University of North Carolina Athletics

Lucas: Line Shuffles, Expectations Remain
September 14, 2004 | Football
Sept. 14, 2004
By Adam Lucas
During the next three days of Carolina football practice, offensive line coach Hal Hunter faces a vexing problem.
He lost one lineman--Skip Seagraves--to a season-ending foot injury against Virginia. But it's going to take two linemen, not one, to replace the fifth-year senior. Seagraves took snaps at both tackle and guard in Carolina's o-line rotation and had already seen action at both positions in 2004.
"We had a guy who was playing 50 percent of the time at tackle and 50 percent of the time at guard," Hunter says. "So I have to get another guard ready and another tackle ready."
The guard expected to see his contributions increase is Steven Bell, while Ben Lemming will move from the third-string right tackle behind Willie McNeill and Seagraves to the third overall tackle. Bell will share snaps with Charlston Gray and Kyle Ralph at guard, while Lemming will spell McNeill and Brian Chacos.
That's not Bell's only role. He'll also continue to take snaps at center, where he played most of the fourth quarter in Charlottesville, as a backup to Jason Brown. Hunter considers the guard/center combination to be slightly easier than the guard/tackle combo, because anyone playing center already has to know what the guards on either side of him are doing on every play.
"At center, you've got a 320-pound guy six inches to a foot off your head," Bell says. "At guard, they're another two or three feet away, so you have a different mindset. When you're closer to them sometimes you have to step back to get leverage on them."
The Tar Heels are talented enough along the line that the techniques will eventually be honed. What can't be replicated as easily, however, is the communication and camaraderie necessary to build a solid line. More than any other position group on the field, linemen have to work as a functioning unit, which is why they're almost always hanging around together in the Kenan Football Center and off the field.
After preseason training camp, they'd reached a comfort level with the rotation--McNeill and Ralph usually worked as the tackle/guard pair on the left side, and slid as a unit to the right side when Chacos rotated in at left tackle--but now some of those combinations will be changed.
"When you get out of that mix, it's different because now you're working with a different guy," Hunter says. "You're not zoning and twisting with the same guy and you're not communicating with the same guy. What you had established over the last two months is now different. You can't think the communication will be as good as it has been, because it's not going to be. We'll have to simplify a few things."
The line endured another bit of adversity when Charlston Gray's grandfather passed away on Saturday. He returned home on Monday, attended the funeral Tuesday, and is expected to return to practice Wednesday afternoon.

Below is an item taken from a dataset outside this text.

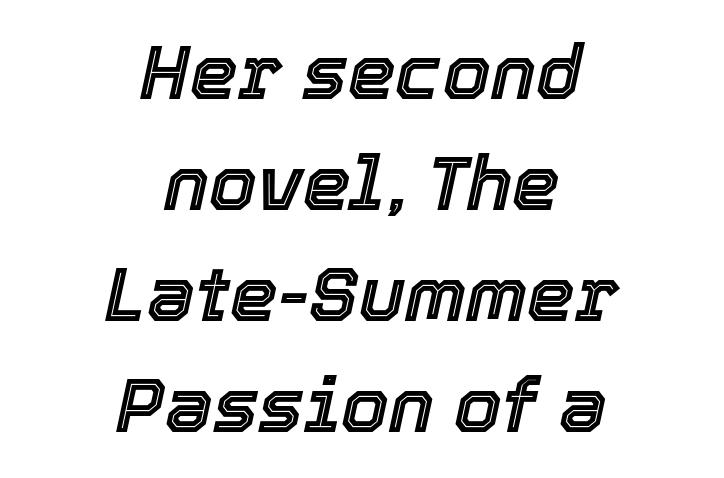
Standard letterfit; no display-style spreading of the glyphs. A typesetter would call this leading conventional body-copy spacing. Nobody drew a line under any word here. Layout note: lines centered. Style check: oblique. These lines are rendered in a variable-pitch font.

His participation on Saturday against Georgia Tech depends on how quickly he picks up the gameplan for the Yellow Jackets.
In his absence, the rest of the linemen have gotten more snaps, including Arthur Smith, who is finally free from the restrictive cast on his hand he practiced with over the past month and enjoying the benefits of being injury-free in his foot as well after a nearly 18-month struggle with an unusual foot problem.
As the Heels build more depth in the trenches, the short term result will be an increase in snaps for the established veterans.
"Chacos and Willie might have been playing 45 or 50 snaps per game," Hunter says. "Now they may have to play 75 snaps per game until one of the younger guys gets ready. Everyone has to pull more of the load."
But then the square-jawed Hunter is afraid he may have left you with the impression that he's lowering his rigid standards because of his player shuffles. Before that thought can take hold, he's quick to make one additional note.
"It takes years to replace the experience we lost with Skip. Steven or Charlston or Ben can't bring us the game experience of having lined up against Texas or Florida State. We may have to simplify some things. But I will be very disappointed--very disappointed--if our productivity goes down."